About the immuno-oncology collaboration between Ablynx and Merck & Co., Inc., Kenilworth, New Jersey, USA In February 2014, Ablynx entered into a research collaboration and licensing agreement with a subsidiary of Merck & Co., Inc., Kenilworth, New Jersey, USA. This exclusive collaboration and licensing agreement is focused on the discovery and development of several Nanobody candidates (including mono-, bi-and trispecifics) directed toward so-called immune checkpoint modulators. In July 2015, Ablynx announced an expansion of this immuno-oncology collaboration with Merck & Co., Inc., Kenilworth, New Jersey, USA to address an increased number of immune checkpoint modulator targets. The collaboration now includes up to 17 Nanobody programmes against individual protein targets and target combinations (monospecific and multi-specific Nanobodies). Ablynx has received €33 million in upfront payments and is eligible to receive research funding plus development, regulatory and commercial milestone payments of up to €340 million per programme, as well as tiered royalties on annual net sales upon commercialisation of any Nanobody products.

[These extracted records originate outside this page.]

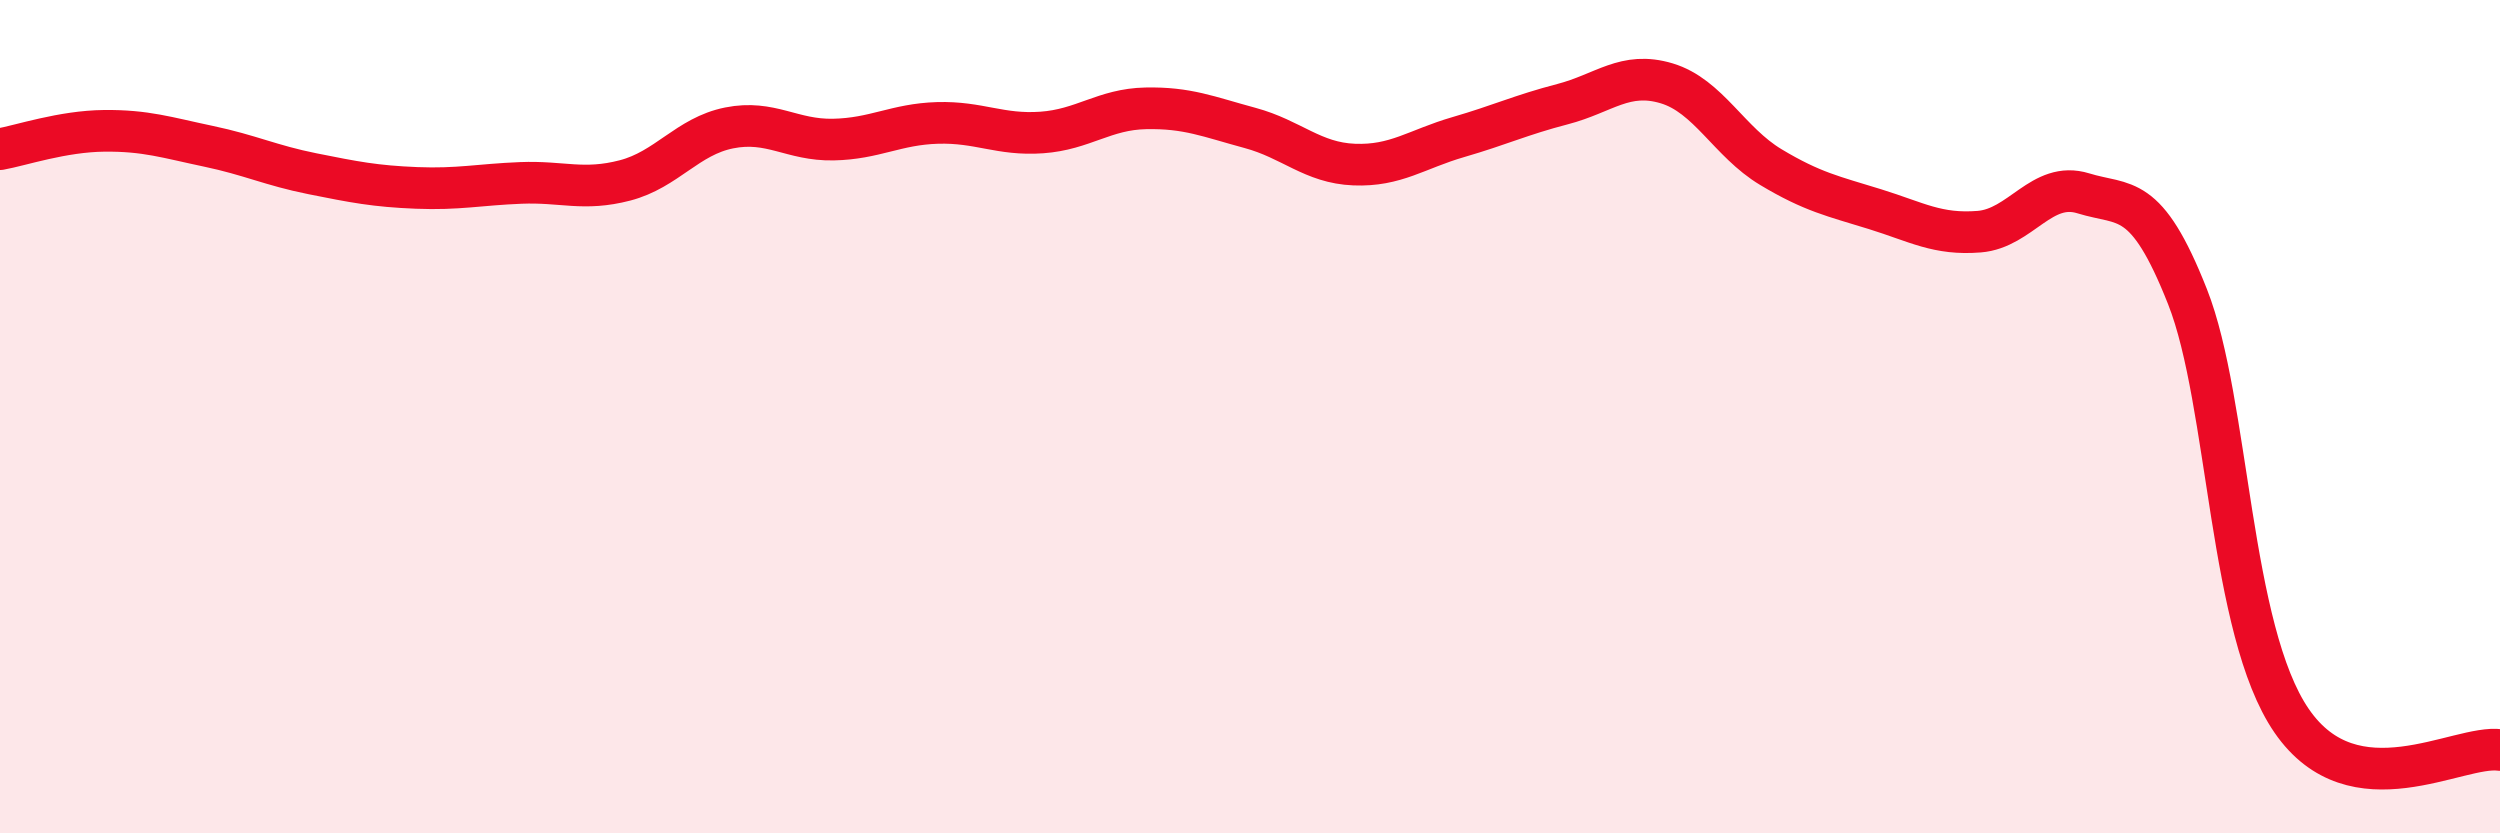 
    <svg width="60" height="20" viewBox="0 0 60 20" xmlns="http://www.w3.org/2000/svg">
      <path
        d="M 0,3.58 C 0.5,3.49 1.5,3.15 2.5,3.14 C 3.5,3.13 4,3.3 5,3.51 C 6,3.72 6.5,3.97 7.5,4.17 C 8.5,4.37 9,4.47 10,4.51 C 11,4.55 11.5,4.43 12.5,4.39 C 13.5,4.35 14,4.59 15,4.33 C 16,4.07 16.5,3.27 17.5,3.07 C 18.5,2.87 19,3.37 20,3.35 C 21,3.33 21.5,2.98 22.5,2.95 C 23.5,2.92 24,3.25 25,3.18 C 26,3.11 26.5,2.62 27.5,2.6 C 28.5,2.58 29,2.8 30,3.07 C 31,3.34 31.5,3.91 32.5,3.95 C 33.5,3.99 34,3.58 35,3.29 C 36,3 36.5,2.76 37.5,2.5 C 38.5,2.24 39,1.7 40,2 C 41,2.3 41.5,3.41 42.5,4.01 C 43.5,4.61 44,4.71 45,5.02 C 46,5.33 46.5,5.64 47.5,5.56 C 48.5,5.48 49,4.33 50,4.64 C 51,4.95 51.5,4.59 52.5,7.12 C 53.5,9.65 53.5,15.12 55,17.3 C 56.5,19.48 59,17.86 60,18L60 20L0 20Z"
        fill="#EB0A25"
        opacity="0.1"
        stroke-linecap="round"
        stroke-linejoin="round"
      />
      <path
        d="M 0,3.58 C 0.5,3.49 1.5,3.15 2.5,3.14 C 3.5,3.13 4,3.3 5,3.51 C 6,3.72 6.5,3.97 7.5,4.17 C 8.5,4.37 9,4.47 10,4.51 C 11,4.55 11.5,4.43 12.5,4.39 C 13.5,4.35 14,4.59 15,4.33 C 16,4.07 16.5,3.27 17.5,3.07 C 18.5,2.87 19,3.37 20,3.35 C 21,3.33 21.5,2.98 22.5,2.95 C 23.5,2.92 24,3.25 25,3.18 C 26,3.11 26.5,2.62 27.5,2.6 C 28.5,2.58 29,2.8 30,3.07 C 31,3.34 31.5,3.91 32.5,3.95 C 33.5,3.99 34,3.58 35,3.29 C 36,3 36.5,2.76 37.5,2.5 C 38.5,2.24 39,1.7 40,2 C 41,2.3 41.5,3.41 42.5,4.01 C 43.5,4.61 44,4.71 45,5.02 C 46,5.33 46.5,5.64 47.5,5.56 C 48.5,5.48 49,4.33 50,4.64 C 51,4.95 51.5,4.59 52.5,7.12 C 53.5,9.65 53.5,15.12 55,17.3 C 56.5,19.48 59,17.86 60,18"
        stroke="#EB0A25"
        stroke-width="1"
        fill="none"
        stroke-linecap="round"
        stroke-linejoin="round"
      />
    </svg>

Merck & Co., Inc., Kenilworth, New Jersey, USA, through a subsidiary, and Ablynx have a separate collaboration in the field of ion channel drug development, announced in October 2012, with a €6.5 million upfront payment, €2 million research funding and up to €448 million in research, regulatory and commercial milestone payments associated with the progress of multiple candidates as well as tiered royalties on any products derived from the collaboration. An initial extension of this ion channel research collaboration was announced in March 2015 and a second extension in October 2016, the latter triggering a €1 million payment to Ablynx and additional research funding to September 2018.